Chapter 1 Introduction
In this course we will explore a variety of tools that can assist with data analysis from a broad range of fields. The tools we will cover may take some time to get used to, but the payoff will be immeasurable. Not only are these skills valuable for career advancement, they will also make your work-life easier. The tools will enhance your ability to reproduce your work across similar projects, stay organized, collaborate with others effectively, and more.
1.1 Motivation
Many researchers are self-taught when it comes to computer science. However, data analysis has become a requirement for most researchers. The ability to smoothly work in a reproducible manner not only makes for easier more maintainable workflows, it also improves scientific rigor and transparency.
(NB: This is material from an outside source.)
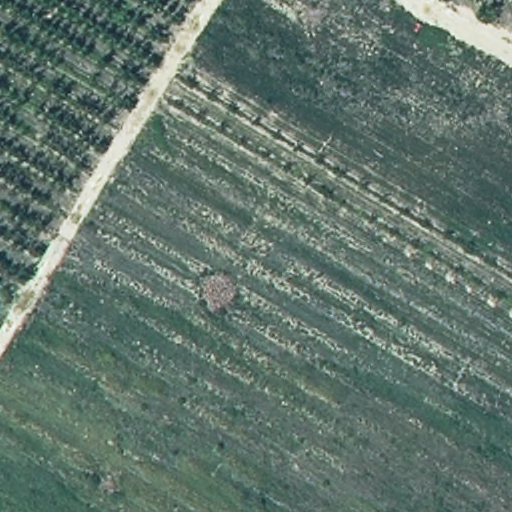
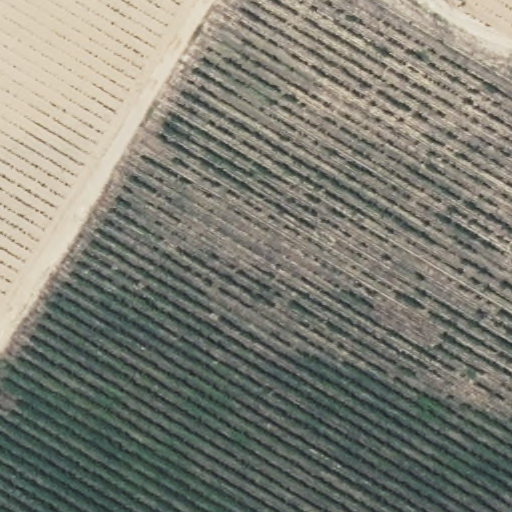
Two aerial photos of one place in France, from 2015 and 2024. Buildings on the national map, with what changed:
[]

This course will help learners to use tools that will make their data analytic workflows more organized, more understandable to collaborators (and your future self!), and ultimately more efficient.
1.2 Target Audience
This course is intended for people conducting data analyses at the level of a graduate student or higher. The course is designed so that the majority of the material is presented in a high-level manner that should be applicable to researchers working in a broad range of areas. The course is centered around the R programming language, a widely used statistical analysis software package.
1.4 Learning Objectives
- Implement basic project organization tools:
- R Studio tips and tricks for efficiency
- R Markdown to create reports
- Setup and configure RStudio/RStudio projects for data analysis (
here
package and file structure/paths) - Install and configure
ProjectTemplate
package for formalizing and automating workflows
- Setup and configure RStudio/RStudio projects for data analysis (
- Apply the
pointblank
package for validation of tabular data - Write functions and package them
- Apply the
testthat
package for building software unit tests - Setup and use Git repositories for version control of code
- Interface with GitHub to share Git repositories for collaboration; execute GitHub-based workflows
- Pull Requests
- Code review
- Issues
- Discussions
References will include Gillespie and Lovelace (2021), Riederer (2020), Timbers, Campbell, and Lee (2022).
Code review references will include “About Scientific Code Review” (n.d.), Radigan (n.d.), Parker (2017), Bodner (2018).